Helen told me the story of how they were a cancelled order, and she was so upset because the order had been for 14 Fresia Standards, and her supplier only delivered 9.  So, at vast expense, she had visited Oderings and purchased 5 more to make it up to 14.  Now they were cancelled, and the stock was just sitting there.

It was just the motivation I needed to finalise my "New Garden".  Plans below, a Fresia Rose Bordered walk in through our herb beds, into a hot-air-balloon shaped new defined area.  

A round garden, with a camomile lawn in the middle, a fountain in the middle of that.  Surrounded by a white stone chip and paver walk.  Laburnum hedging around the exterior rim, 3 x pergolas to shelter the lemon trees from frost and wind, and rose standards both leading into the garden, and on interior beds.  Also planned are lavenders (grow well here).

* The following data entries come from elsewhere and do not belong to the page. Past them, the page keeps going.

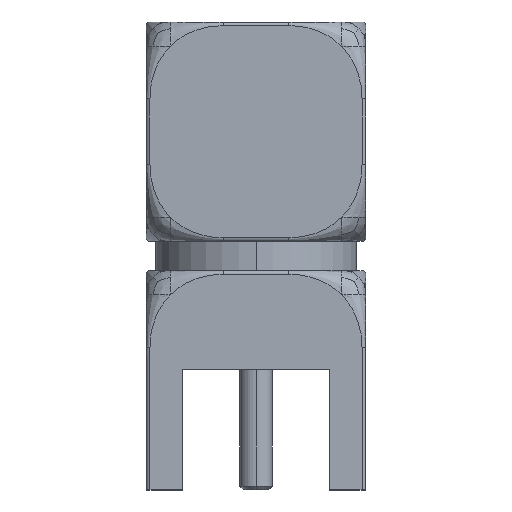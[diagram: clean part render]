
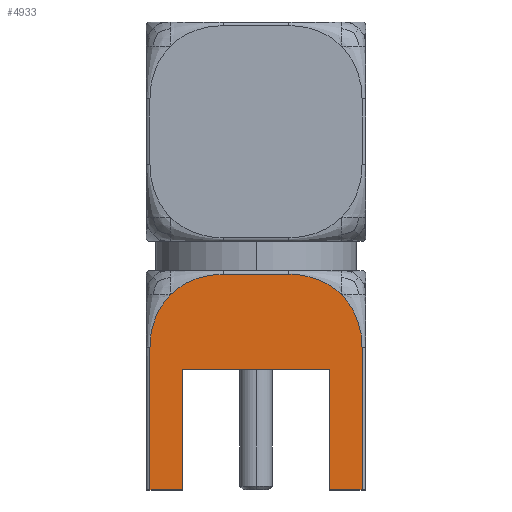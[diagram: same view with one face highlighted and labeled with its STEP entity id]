
A CAD part, left-side view. The second image highlights one B-rep face of the part: STEP entity #4933.
In plain terms, the highlighted planar face has unit normal (-1, 0, 0).
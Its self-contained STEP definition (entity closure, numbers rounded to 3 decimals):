
#191 = VERTEX_POINT ( 'NONE', #21158 ) ;
#194 = CARTESIAN_POINT ( 'NONE',  ( -10., -2.103, 5.748 ) ) ;
#503 = DIRECTION ( 'NONE',  ( 0., 0., -1. ) ) ;
#521 = ORIENTED_EDGE ( 'NONE', *, *, #6592, .T. ) ;
#639 = CARTESIAN_POINT ( 'NONE',  ( -10., -1.826, 5.902 ) ) ;
#1183 = CARTESIAN_POINT ( 'NONE',  ( -10., -2.835, 4.652 ) ) ;
#1658 = EDGE_CURVE ( 'NONE', #191, #8244, #11552, .T. ) ;
#1744 = CARTESIAN_POINT ( 'NONE',  ( -10., 2.643, 5.139 ) ) ;
#1847 = DIRECTION ( 'NONE',  ( 1., 0., 0. ) ) ;
#2025 = CARTESIAN_POINT ( 'NONE',  ( -10., 2.339, 5.539 ) ) ;
#2419 = PLANE ( 'NONE',  #10109 ) ;
#2537 = EDGE_CURVE ( 'NONE', #14476, #18283, #16595, .T. ) ;
#2719 = LINE ( 'NONE', #21298, #5576 ) ;
#2815 = EDGE_CURVE ( 'NONE', #24903, #21305, #16080, .T. ) ;
#3108 = DIRECTION ( 'NONE',  ( 0., 1., 0. ) ) ;
#3253 = EDGE_LOOP ( 'NONE', ( #5036, #11278, #12515, #12550, #10100, #28162, #24412, #521, #26518, #9165, #26263, #14846 ) ) ;
#3290 = CARTESIAN_POINT ( 'NONE',  ( -10., -0.9, 6.1 ) ) ;
#3743 = CARTESIAN_POINT ( 'NONE',  ( -10., -2.9, -14.7 ) ) ;
#3905 = VECTOR ( 'NONE', #25032, 1000. ) ;
#3997 = CARTESIAN_POINT ( 'NONE',  ( -10., 2.9, 4.1 ) ) ;
#4313 = DIRECTION ( 'NONE',  ( 0., 1., 0. ) ) ;
#4933 = ADVANCED_FACE ( 'NONE', ( #13589 ), #2419, .F. ) ;
#5036 = ORIENTED_EDGE ( 'NONE', *, *, #15947, .T. ) ;
#5560 = VERTEX_POINT ( 'NONE', #22639 ) ;
#5576 = VECTOR ( 'NONE', #14020, 1000. ) ;
#5689 = DIRECTION ( 'NONE',  ( 0., 0., 1. ) ) ;
#5783 = CARTESIAN_POINT ( 'NONE',  ( -10., -2.776, 4.846 ) ) ;
#5823 = EDGE_CURVE ( 'NONE', #8244, #14476, #2719, .T. ) ;
#6399 = CARTESIAN_POINT ( 'NONE',  ( -10., 2.9, 0.2 ) ) ;
#6592 = EDGE_CURVE ( 'NONE', #191, #13639, #15172, .T. ) ;
#6868 = CARTESIAN_POINT ( 'NONE',  ( -10., 1.452, 6.035 ) ) ;
#7015 = CARTESIAN_POINT ( 'NONE',  ( -10., -1.189, 6.1 ) ) ;
#7567 = CARTESIAN_POINT ( 'NONE',  ( -10., 1.254, 6.082 ) ) ;
#7840 = CARTESIAN_POINT ( 'NONE',  ( -10., -2.882, 4.454 ) ) ;
#8244 = VERTEX_POINT ( 'NONE', #23933 ) ;
#8508 = B_SPLINE_CURVE_WITH_KNOTS ( 'NONE', 3,
 ( #13715, #22767, #194, #20974, #639, #24946, #27726, #7015, #9239 ),
 .UNSPECIFIED., .F., .F.,
 ( 4, 1, 2, 2, 4 ),
 ( 0., 0.25, 0.375, 0.5, 1. ),
 .UNSPECIFIED. ) ;
#8853 = CARTESIAN_POINT ( 'NONE',  ( -10., 2.548, 5.303 ) ) ;
#9165 = ORIENTED_EDGE ( 'NONE', *, *, #23510, .T. ) ;
#9232 = CARTESIAN_POINT ( 'NONE',  ( -10., 2.339, 5.539 ) ) ;
#9239 = CARTESIAN_POINT ( 'NONE',  ( -10., -0.9, 6.1 ) ) ;
#10100 = ORIENTED_EDGE ( 'NONE', *, *, #2537, .F. ) ;
#10109 = AXIS2_PLACEMENT_3D ( 'NONE', #24695, #1847, #19960 ) ;
#10239 = CARTESIAN_POINT ( 'NONE',  ( -10., -2.339, 5.539 ) ) ;
#10246 = CARTESIAN_POINT ( 'NONE',  ( -10., -3., 3.5 ) ) ;
#11278 = ORIENTED_EDGE ( 'NONE', *, *, #2815, .T. ) ;
#11547 = VECTOR ( 'NONE', #18319, 1000. ) ;
#11552 = LINE ( 'NONE', #20004, #16722 ) ;
#11746 = VECTOR ( 'NONE', #4313, 1000. ) ;
#11766 = VERTEX_POINT ( 'NONE', #3290 ) ;
#12011 = CARTESIAN_POINT ( 'NONE',  ( -10., -2.9, 4.244 ) ) ;
#12029 = CARTESIAN_POINT ( 'NONE',  ( -10., 0.9, 6.1 ) ) ;
#12468 = CARTESIAN_POINT ( 'NONE',  ( -10., -2.656, 5.149 ) ) ;
#12515 = ORIENTED_EDGE ( 'NONE', *, *, #25372, .F. ) ;
#12550 = ORIENTED_EDGE ( 'NONE', *, *, #23947, .T. ) ;
#12603 = CARTESIAN_POINT ( 'NONE',  ( -10., 2.9, 4.1 ) ) ;
#12799 = EDGE_CURVE ( 'NONE', #18106, #5560, #25106, .T. ) ;
#13493 = CARTESIAN_POINT ( 'NONE',  ( -10., 2.702, 5.026 ) ) ;
#13589 = FACE_OUTER_BOUND ( 'NONE', #3253, .T. ) ;
#13639 = VERTEX_POINT ( 'NONE', #18595 ) ;
#13706 = CARTESIAN_POINT ( 'NONE',  ( -10., 2.16, 5.719 ) ) ;
#13715 = CARTESIAN_POINT ( 'NONE',  ( -10., -2.339, 5.539 ) ) ;
#13955 = VECTOR ( 'NONE', #503, 1000. ) ;
#14020 = DIRECTION ( 'NONE',  ( 0., 0., 1. ) ) ;
#14476 = VERTEX_POINT ( 'NONE', #21483 ) ;
#14534 = CARTESIAN_POINT ( 'NONE',  ( -10., -2.9, 4.1 ) ) ;
#14631 = VERTEX_POINT ( 'NONE', #26885 ) ;
#14686 = CARTESIAN_POINT ( 'NONE',  ( -10., -2.798, 4.781 ) ) ;
#14846 = ORIENTED_EDGE ( 'NONE', *, *, #12799, .T. ) ;
#15172 = LINE ( 'NONE', #3743, #16915 ) ;
#15759 = CARTESIAN_POINT ( 'NONE',  ( -10., 1.646, 5.976 ) ) ;
#15947 = EDGE_CURVE ( 'NONE', #5560, #24903, #18071, .T. ) ;
#15988 = CARTESIAN_POINT ( 'NONE',  ( -10., 2., 0.2 ) ) ;
#16080 = LINE ( 'NONE', #27750, #13955 ) ;
#16595 = LINE ( 'NONE', #10246, #29061 ) ;
#16722 = VECTOR ( 'NONE', #20567, 1000. ) ;
#16915 = VECTOR ( 'NONE', #5689, 1000. ) ;
#17494 = CARTESIAN_POINT ( 'NONE',  ( -10., 2.429, 5.45 ) ) ;
#18006 = CARTESIAN_POINT ( 'NONE',  ( -10., 2., 3.5 ) ) ;
#18071 = B_SPLINE_CURVE_WITH_KNOTS ( 'NONE', 3,
 ( #2025, #17494, #8853, #1744, #13493, #26505, #28856, #22537, #3997 ),
 .UNSPECIFIED., .F., .F.,
 ( 4, 1, 2, 2, 4 ),
 ( 0., 0.25, 0.375, 0.5, 1. ),
 .UNSPECIFIED. ) ;
#18106 = VERTEX_POINT ( 'NONE', #20842 ) ;
#18111 = EDGE_CURVE ( 'NONE', #11766, #18106, #20543, .T. ) ;
#18283 = VERTEX_POINT ( 'NONE', #18006 ) ;
#18319 = DIRECTION ( 'NONE',  ( 0., 1., 0. ) ) ;
#18595 = CARTESIAN_POINT ( 'NONE',  ( -10., -2.9, 4.1 ) ) ;
#18851 = CARTESIAN_POINT ( 'NONE',  ( -10., 1.044, 6.1 ) ) ;
#19415 = VERTEX_POINT ( 'NONE', #27358 ) ;
#19960 = DIRECTION ( 'NONE',  ( 0., 1., 0. ) ) ;
#20004 = CARTESIAN_POINT ( 'NONE',  ( -10., -2.9, 0.2 ) ) ;
#20170 = CARTESIAN_POINT ( 'NONE',  ( -10., 2.9, 0.2 ) ) ;
#20543 = LINE ( 'NONE', #27611, #11547 ) ;
#20567 = DIRECTION ( 'NONE',  ( 0., 1., 0. ) ) ;
#20842 = CARTESIAN_POINT ( 'NONE',  ( -10., 0.9, 6.1 ) ) ;
#20974 = CARTESIAN_POINT ( 'NONE',  ( -10., -1.939, 5.843 ) ) ;
#21158 = CARTESIAN_POINT ( 'NONE',  ( -10., -2.9, 0.2 ) ) ;
#21298 = CARTESIAN_POINT ( 'NONE',  ( -10., -2., 0.2 ) ) ;
#21305 = VERTEX_POINT ( 'NONE', #20170 ) ;
#21469 = EDGE_CURVE ( 'NONE', #13639, #14631, #24969, .T. ) ;
#21483 = CARTESIAN_POINT ( 'NONE',  ( -10., -2., 3.5 ) ) ;
#21526 = CARTESIAN_POINT ( 'NONE',  ( -10., -2.519, 5.36 ) ) ;
#22433 = LINE ( 'NONE', #6399, #11746 ) ;
#22537 = CARTESIAN_POINT ( 'NONE',  ( -10., 2.9, 4.389 ) ) ;
#22639 = CARTESIAN_POINT ( 'NONE',  ( -10., 2.339, 5.539 ) ) ;
#22767 = CARTESIAN_POINT ( 'NONE',  ( -10., -2.25, 5.629 ) ) ;
#23510 = EDGE_CURVE ( 'NONE', #14631, #11766, #8508, .T. ) ;
#23933 = CARTESIAN_POINT ( 'NONE',  ( -10., -2., 0.2 ) ) ;
#23947 = EDGE_CURVE ( 'NONE', #19415, #18283, #24766, .T. ) ;
#24412 = ORIENTED_EDGE ( 'NONE', *, *, #1658, .F. ) ;
#24695 = CARTESIAN_POINT ( 'NONE',  ( -10., -3., -14.7 ) ) ;
#24766 = LINE ( 'NONE', #15988, #3905 ) ;
#24903 = VERTEX_POINT ( 'NONE', #12603 ) ;
#24946 = CARTESIAN_POINT ( 'NONE',  ( -10., -1.769, 5.928 ) ) ;
#24969 = B_SPLINE_CURVE_WITH_KNOTS ( 'NONE', 3,
 ( #14534, #12011, #7840, #1183, #14686, #5783, #12468, #21526, #10239 ),
 .UNSPECIFIED., .F., .F.,
 ( 4, 1, 2, 2, 4 ),
 ( 0., 0.25, 0.375, 0.5, 1. ),
 .UNSPECIFIED. ) ;
#25032 = DIRECTION ( 'NONE',  ( 0., 0., 1. ) ) ;
#25106 = B_SPLINE_CURVE_WITH_KNOTS ( 'NONE', 3,
 ( #12029, #18851, #7567, #6868, #27003, #15759, #27833, #13706, #9232 ),
 .UNSPECIFIED., .F., .F.,
 ( 4, 1, 2, 2, 4 ),
 ( 0., 0.25, 0.375, 0.5, 1. ),
 .UNSPECIFIED. ) ;
#25372 = EDGE_CURVE ( 'NONE', #19415, #21305, #22433, .T. ) ;
#26263 = ORIENTED_EDGE ( 'NONE', *, *, #18111, .T. ) ;
#26505 = CARTESIAN_POINT ( 'NONE',  ( -10., 2.728, 4.969 ) ) ;
#26518 = ORIENTED_EDGE ( 'NONE', *, *, #21469, .T. ) ;
#26885 = CARTESIAN_POINT ( 'NONE',  ( -10., -2.339, 5.539 ) ) ;
#27003 = CARTESIAN_POINT ( 'NONE',  ( -10., 1.581, 5.998 ) ) ;
#27358 = CARTESIAN_POINT ( 'NONE',  ( -10., 2., 0.2 ) ) ;
#27611 = CARTESIAN_POINT ( 'NONE',  ( -10., 3., 6.1 ) ) ;
#27726 = CARTESIAN_POINT ( 'NONE',  ( -10., -1.458, 6.051 ) ) ;
#27750 = CARTESIAN_POINT ( 'NONE',  ( -10., 2.9, -14.7 ) ) ;
#27833 = CARTESIAN_POINT ( 'NONE',  ( -10., 1.949, 5.856 ) ) ;
#28162 = ORIENTED_EDGE ( 'NONE', *, *, #5823, .F. ) ;
#28856 = CARTESIAN_POINT ( 'NONE',  ( -10., 2.851, 4.658 ) ) ;
#29061 = VECTOR ( 'NONE', #3108, 1000. ) ;

I am happy! I have the most beautiful Fresia Standards.  Helen is happy, her failed order is off her hands!

It's love all round

Wednesday, September 3, 2014

Flowers in the Frost

These were a reminder not to  forget to put my gear away, I'm not putting my hands in these any time soon

It is Spring... we have lambs, the garden weeds are growing, the lawn has to be mowed, and everything is thinking about flowering.

In the frost, some have even made a start, the almond trees are flowering.  I am so impressed.  However, the poor daffodils droop their heads every morning, but raise them in the sunshine of the afternoon.